• _EXERCISE DETAILS_
Your response must be made up of each line in the data below that contains the string "records".

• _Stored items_
┄┄┄┄┄┄┄┄┄┄┄┄┄┄┄┄┄┄┄┄

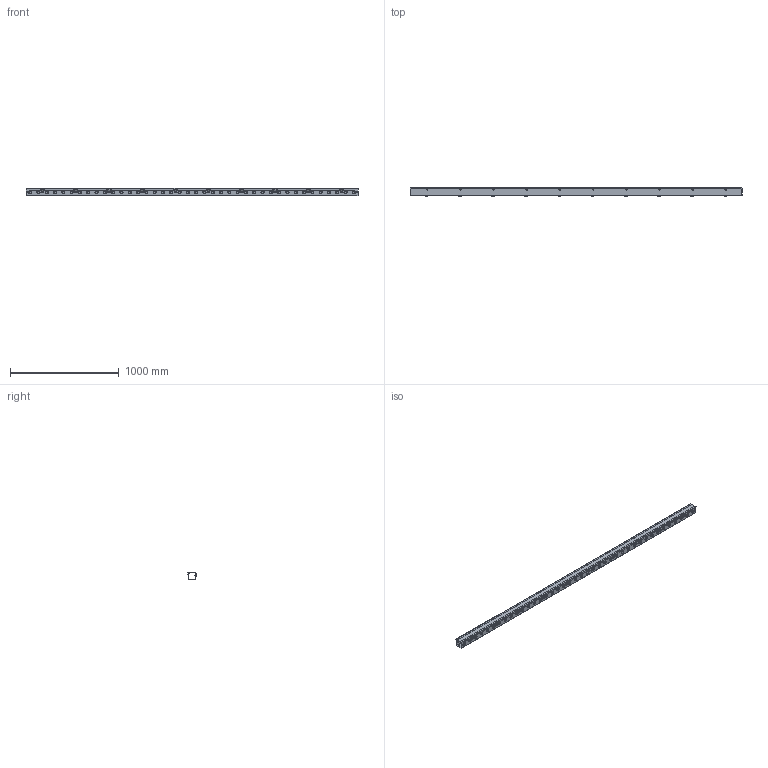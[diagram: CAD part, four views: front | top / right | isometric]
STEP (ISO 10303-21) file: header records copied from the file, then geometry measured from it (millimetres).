
FILE_DESCRIPTION(/* description */ ('HS_BLR 2.5X2.5X120'),/* implementation_level */ '2;1');
FILE_NAME(/* name */ 'HS2210.stp',/* time_stamp */ '2017-06-12T12:22:22+06:00',/* author */ ('vdas'),/* organization */ (''),/* preprocessor_version */ 'ST-DEVELOPER v16.1',/* originating_system */ 'Autodesk Inventor 2016',/* authorisation */ '');
FILE_SCHEMA (('AUTOMOTIVE_DESIGN { 1 0 10303 214 3 1 1 }'));
Length unit declared in the file: inch
Products named in the file (5): HS2210BLR; HS2210LID; 372141; 31816; HS2210
Assembly tree (32 placements, depth 2):
  HS2210
    HS2210BLR
    HS2210LID
    372141  x20
    31816  x10
Bounding box: 3048 x 76.61 x 71.69 mm (x, y, z)
Volume: 1606217.7 mm3; surface area: 2039212.2 mm2
Topology: 32 solids, 32 shells, 2543 faces, 5943 edges, 3644 vertices
Faces by surface type: plane 1131, cylinder 588, cone 540, torus 260, bspline 24
Full cylindrical faces by diameter (mm): 4.089 x20, 4.595 x160, 6.35 x4, 7.938 x20, 22.225 x80, 28.575 x80
Entity records: 21974 total; most frequent: CARTESIAN_POINT 4180, DIRECTION 3599, ORIENTED_EDGE 2946, EDGE_CURVE 1473, AXIS2_PLACEMENT_3D 1395, EDGE_LOOP 1315, VERTEX_POINT 1106, LINE 809

┄┄┄┄┄┄┄┄┄┄┄┄┄┄┄┄┄┄┄┄

• _RESULT OF THIS EXERCISE_
STEP (ISO 10303-21) file: header records copied from the file, then geometry measured from it (millimetres).
Entity records: 21974 total; most frequent: CARTESIAN_POINT 4180, DIRECTION 3599, ORIENTED_EDGE 2946, EDGE_CURVE 1473, AXIS2_PLACEMENT_3D 1395, EDGE_LOOP 1315, VERTEX_POINT 1106, LINE 809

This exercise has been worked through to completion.